There had been times in her life that Charlie had prayed that Rusty would just please, for the love of God, shut the fuck up, but now, all she wanted in the world was to hear his voice. To listen to one of his yarns. To recognize one of his obscure quotes. To feel that moment of clarity when she realized that the story, the odd line, the seemingly innocuous observation, was actually advice, and that the advice was usually, aggravatingly, worth taking.

Charlie reached out to her father.

She placed her palm flat to the side of the casket. She felt stupid for doing this, but she had to ask, “What do I do now, Daddy?”

Charlie waited.

For the first time in forty-one years, Rusty did not have the answer.





17


Charlie walked around the Memory Chapel with a glass of wine in her hand. Only her father would specify that alcohol be served at his funeral. There was hard liquor at the bar, but at noon, it was too early for most, which was the first problem with Rusty’s speedy funeral plans. The second problem was one that Sam had spotted early on: the sightseers, the hypocrites.

Charlie felt bad for painting some of her former friends with this same brush. She couldn’t blame them for choosing Ben over her. She would have chosen Ben, too. In a week or a month or maybe next year, their silent presence, their kind nods and smiles, would mean something, but right now, all she could concentrate on was the assholes.

The townsfolk who had reviled Rusty for his liberal do-gooder ways were out in force. Judy Willard, who had called Rusty a murderer for representing an abortion facility. Abner Coleman, who had called him a bastard for representing a murderer. Whit Fieldman, who had called him a traitor for representing a bastard. The list could go on, but Charlie was too disgusted to go through it.

The worst offender was Ken Coin. The pustulant cocksucker stood at the center of a group of minions from the district attorney’s office.

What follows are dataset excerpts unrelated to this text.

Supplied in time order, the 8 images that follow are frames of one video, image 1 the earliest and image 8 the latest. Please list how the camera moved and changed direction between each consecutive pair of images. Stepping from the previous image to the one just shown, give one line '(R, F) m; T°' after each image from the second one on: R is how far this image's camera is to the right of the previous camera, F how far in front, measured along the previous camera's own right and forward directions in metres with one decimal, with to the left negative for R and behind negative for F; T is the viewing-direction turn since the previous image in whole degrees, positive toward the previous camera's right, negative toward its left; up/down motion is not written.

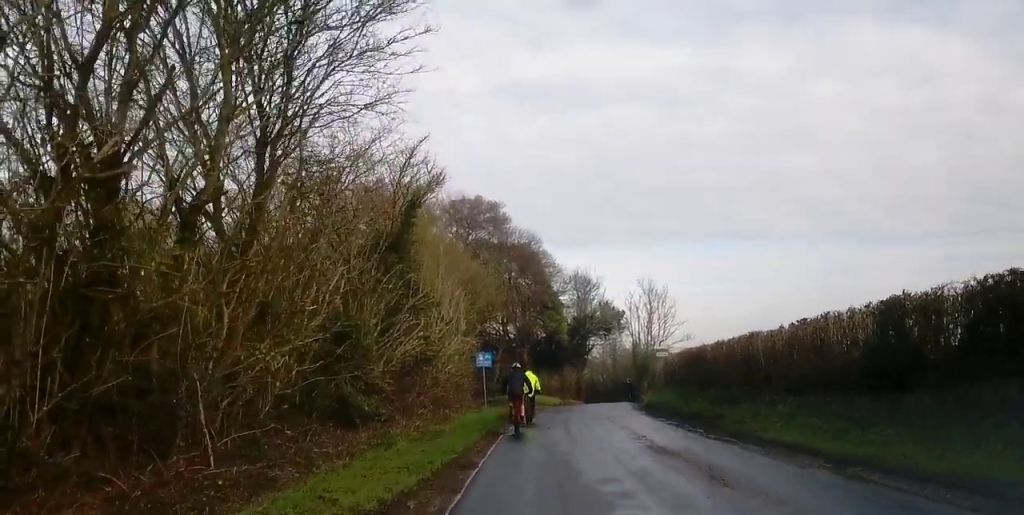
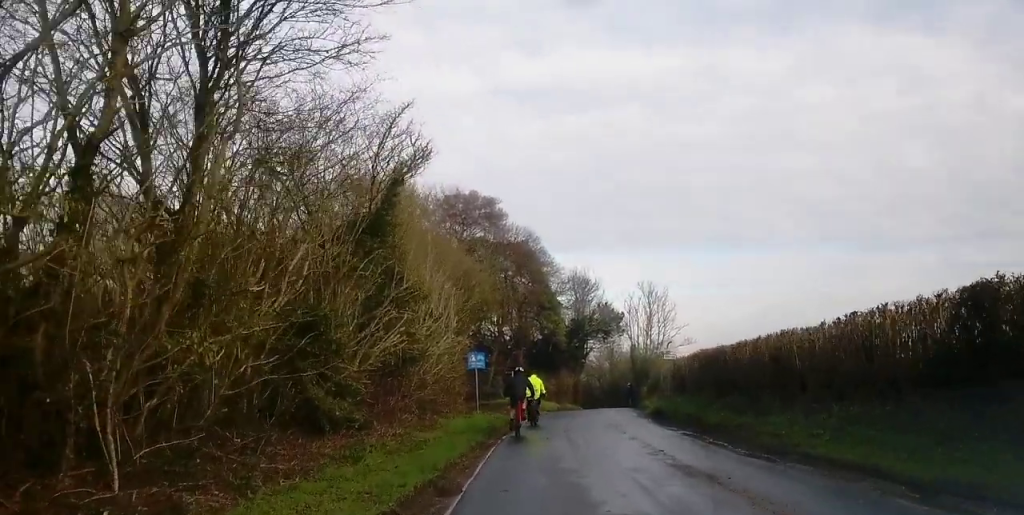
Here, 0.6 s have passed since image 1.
(+0.1, +2.5) m; 0°
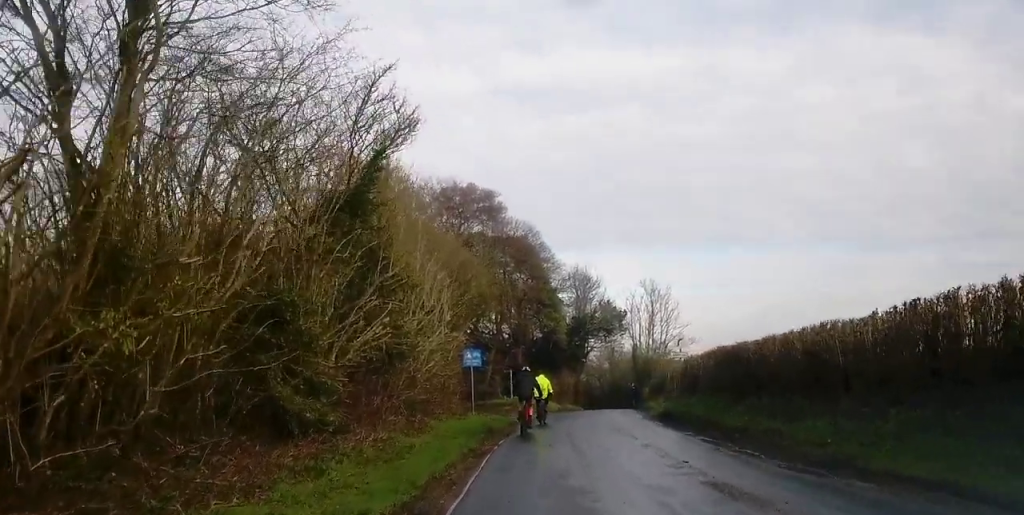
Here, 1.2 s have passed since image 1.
(-0.1, +2.3) m; 0°
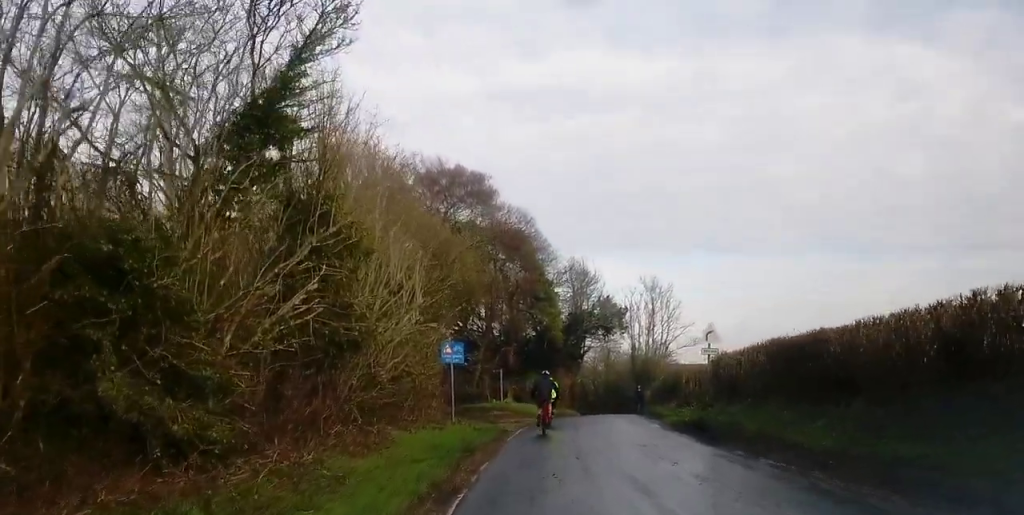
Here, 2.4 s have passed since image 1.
(0.0, +4.9) m; +2°
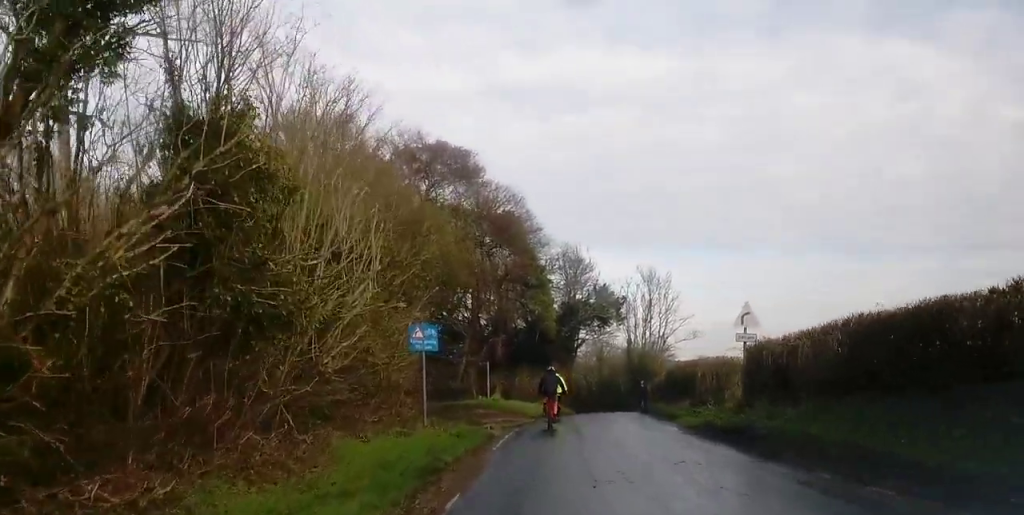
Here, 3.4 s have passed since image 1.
(+0.1, +4.2) m; -1°
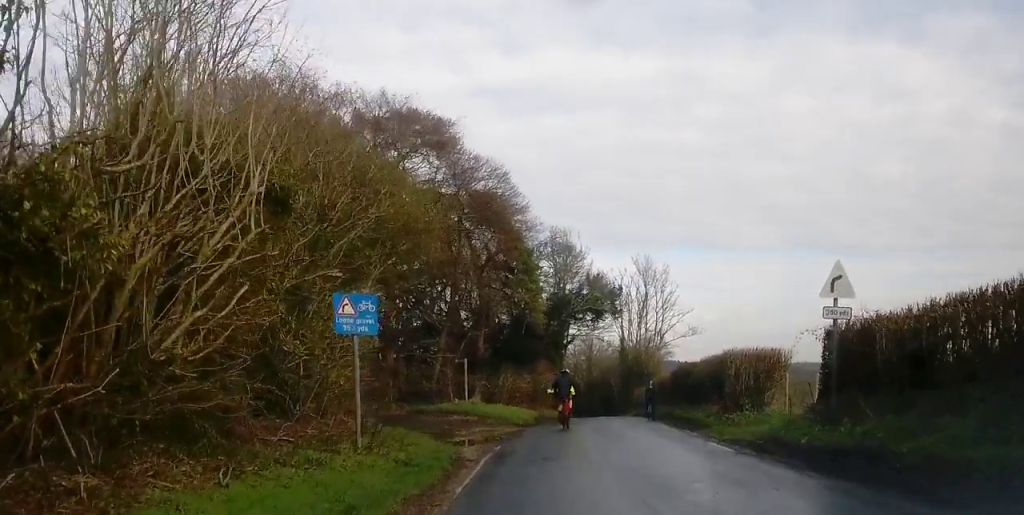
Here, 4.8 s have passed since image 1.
(-0.1, +6.1) m; +6°
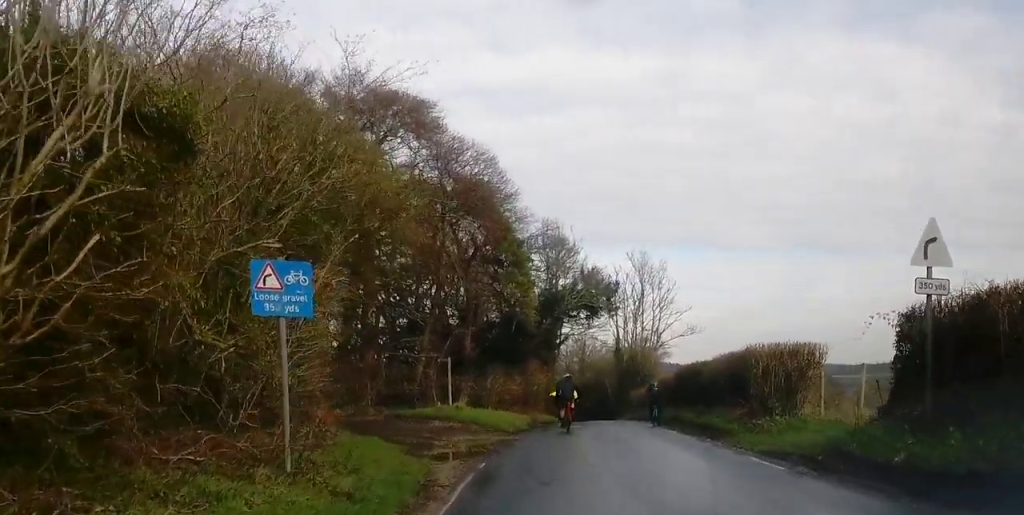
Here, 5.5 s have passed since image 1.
(+0.4, +3.2) m; +5°
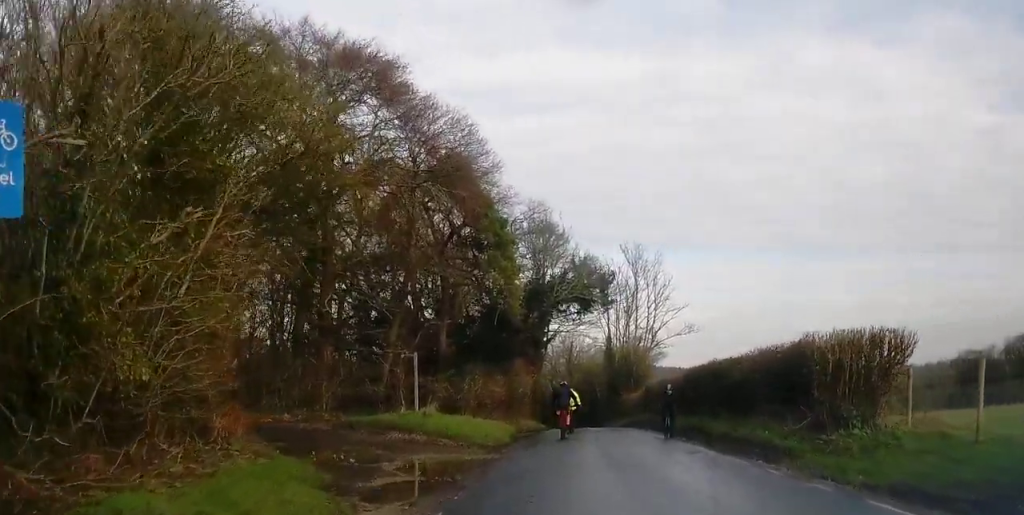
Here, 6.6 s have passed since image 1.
(+0.1, +5.3) m; -3°

Kaylee Collins was front and center. The young woman who was probably cheating with Charlie’s husband didn’t seem to get that she might not be wanted here. Then again, the entire legal community was treating this as a social occasion. Coin was obviously telling a story about Rusty, some kind of courtroom antic her father had pulled. Charlie watched Kaylee throw back her head and laugh. She tossed her long, blonde hair out of her eyes. She did that intimate thing that women do where they reach out and touch a man’s arm in a way that only the man’s wife could tell was inappropriate.

Charlie drank her wine, wishing it was acid she could throw in the woman’s face.

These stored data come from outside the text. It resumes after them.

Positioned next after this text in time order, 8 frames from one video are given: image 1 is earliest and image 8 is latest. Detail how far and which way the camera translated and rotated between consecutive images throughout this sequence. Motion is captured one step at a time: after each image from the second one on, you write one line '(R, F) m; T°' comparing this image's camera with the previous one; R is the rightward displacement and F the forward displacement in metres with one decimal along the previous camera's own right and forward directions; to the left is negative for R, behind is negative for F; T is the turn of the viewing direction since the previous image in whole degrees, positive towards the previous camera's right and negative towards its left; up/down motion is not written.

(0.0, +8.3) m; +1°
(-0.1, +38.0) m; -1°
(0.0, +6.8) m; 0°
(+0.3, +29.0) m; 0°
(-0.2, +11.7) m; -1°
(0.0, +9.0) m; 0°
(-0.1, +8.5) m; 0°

Her phone started to ring. She walked toward an empty corner, answering it right before voicemail picked up.

“It’s me,” Mason Huckabee said.

Charlie turned her back to the room, guilt manifesting itself in shame. “I told you not to call me.”

“I’m sorry. I had to talk to you.”

“No, you didn’t,” she told him. “Listen to me very carefully: What happened between us was the worst mistake of my life. I love my husband. I am not interested in you. I don’t want to talk to you. I don’t want anything to do with you, and if you call me again, I will slap you with a restraining order and make sure the state board of education knows that you’ve got a record against you for harassing a woman. Is that what you want?”